Katz, I’ll admit I’ve sometimes wondered if Duchamp was just messing with us and seeing just how far he could go before everyone (including his fans) would go “No. Dude, no.”

Well, obviously. His entire life was pretty much an exercise in messing with people. When asked what he did with his time, he used to tell people he was a “breather,” on the grounds that he did a lot of breathing and was very, very good at it.

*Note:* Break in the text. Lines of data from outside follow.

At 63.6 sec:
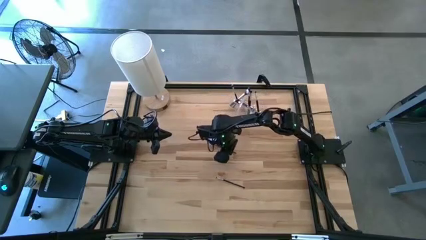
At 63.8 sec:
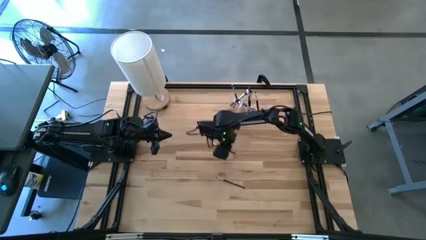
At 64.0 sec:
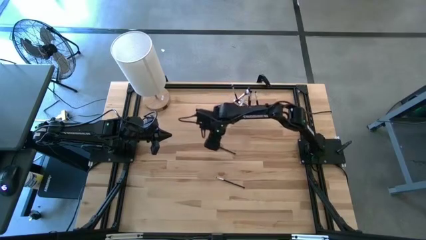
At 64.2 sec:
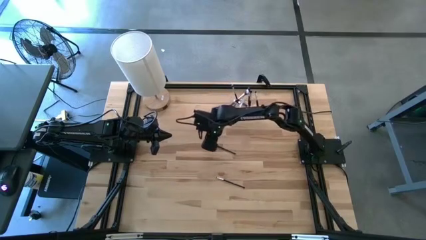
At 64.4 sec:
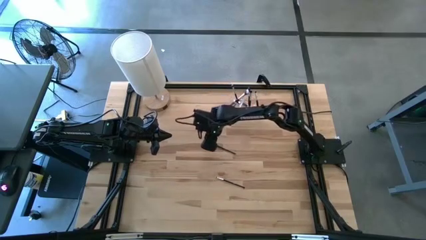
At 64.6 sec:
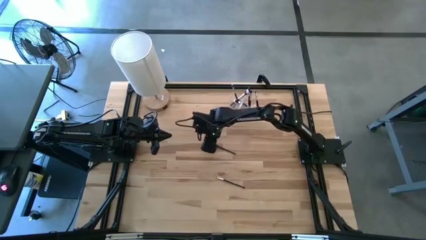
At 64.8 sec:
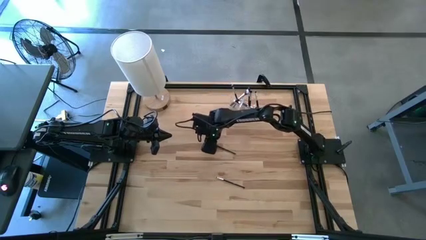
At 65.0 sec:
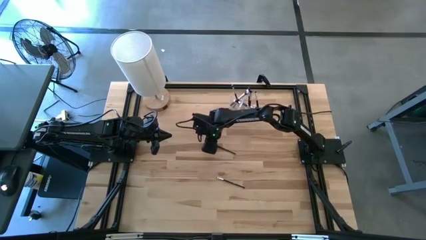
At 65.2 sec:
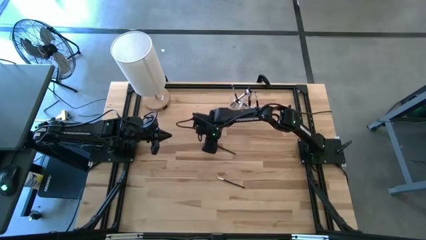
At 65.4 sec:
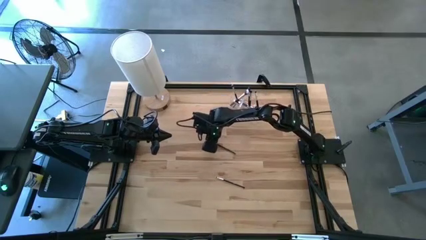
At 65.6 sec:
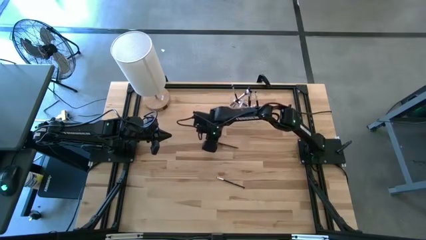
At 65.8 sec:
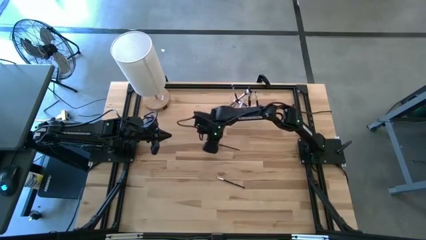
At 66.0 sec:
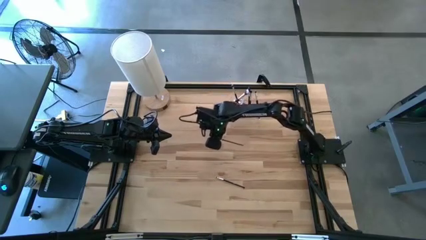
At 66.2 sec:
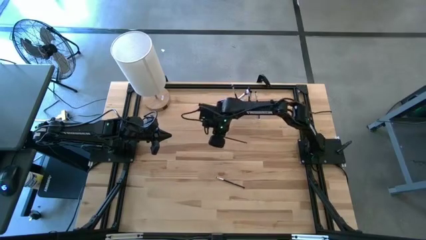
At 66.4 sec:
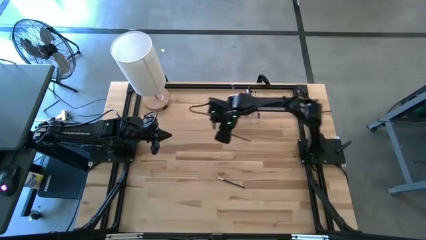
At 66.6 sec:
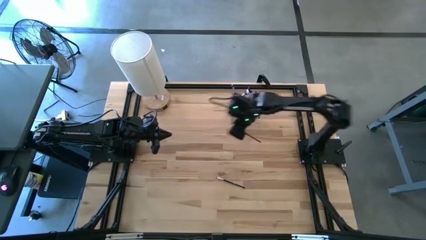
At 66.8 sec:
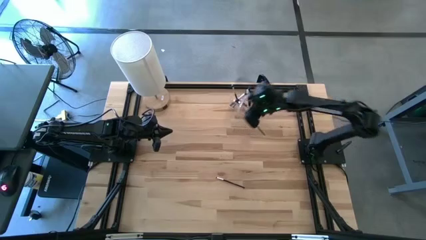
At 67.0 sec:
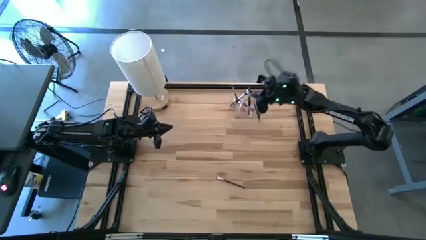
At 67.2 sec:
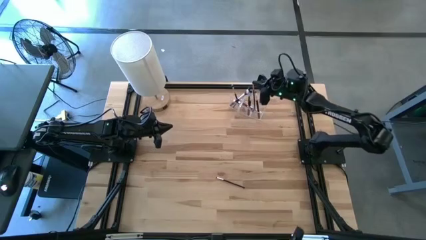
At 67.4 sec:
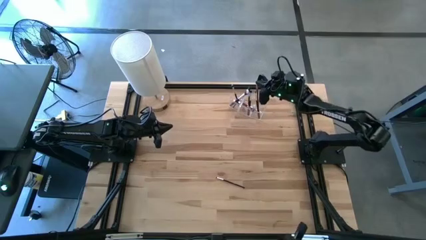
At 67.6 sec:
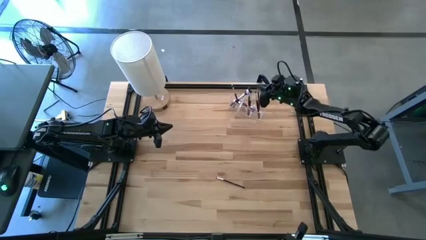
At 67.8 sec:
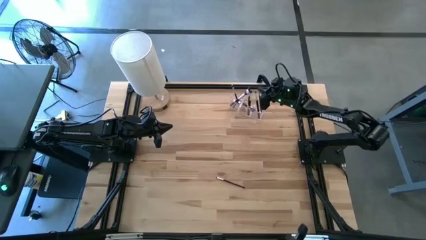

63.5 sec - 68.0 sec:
Task: Pick & Place Makeup Brushes
Put the black makeup brush into the transparent organizer

I always get this impression when I’ve visited the Tate Modern – as though people wondered through their homes one day, picked up random objects like a toaster, a broken omelette pan or the cat, and said, “Is this art? Yeah, why not”.

I always leave the Tate feeling slightly bemused. And guilty, as though there’s a point I’ve missed there that I would get if only I’d made more effort and been more cultured and shit.

I’m not a very arty person.

There’s a whole story behind the urinal. Would you like to hear it? JK, of course I’m going to tell you anyway.

So there was this American art society that thought they were super edgy and modern and avant-garde and they held this show that was supposed to be totally open to everyone: Anyone who paid the entry fee could have their work displayed, there were no judges or prizes, and everything was displayed in alphabetical order.

So Duchamp signed a fake name on a urinal and entered it into the show just to see if they’d display it. They didn’t, of course.

This was a lot more clever in 1917 than it is today, since now there are like 10 museums that have copies of that piece.

Misha
Misha
9 years ago

@katz,

When I posted that I was thinking ‘toilet’. And even though I was thinking ‘toilet, that damn toilet installation thing’ I didn’t want to write it, because I was vaguely aware that it is A Thing and therefore must have infinite hidden meanings that everyone knows about and I would make myself look a complete noob.

I am now glad I know about the toilet thing.

Alan Robertshaw
9 years ago

@ Misha

I once got told off at the ICA for walking across an exhibit.

The exhibit was a disco dance floor that they’d installed *on the actual floor*!

I think that’s a pretty good defence but probably just as well they didn’t have the urinal piece on display.

katz
9 years ago

I think that’s a pretty good defence but probably just as well they didn’t have the urinal piece on display.

XD

fromafar2013
9 years ago

I think that’s a pretty good defence but probably just as well they didn’t have the urinal piece on display.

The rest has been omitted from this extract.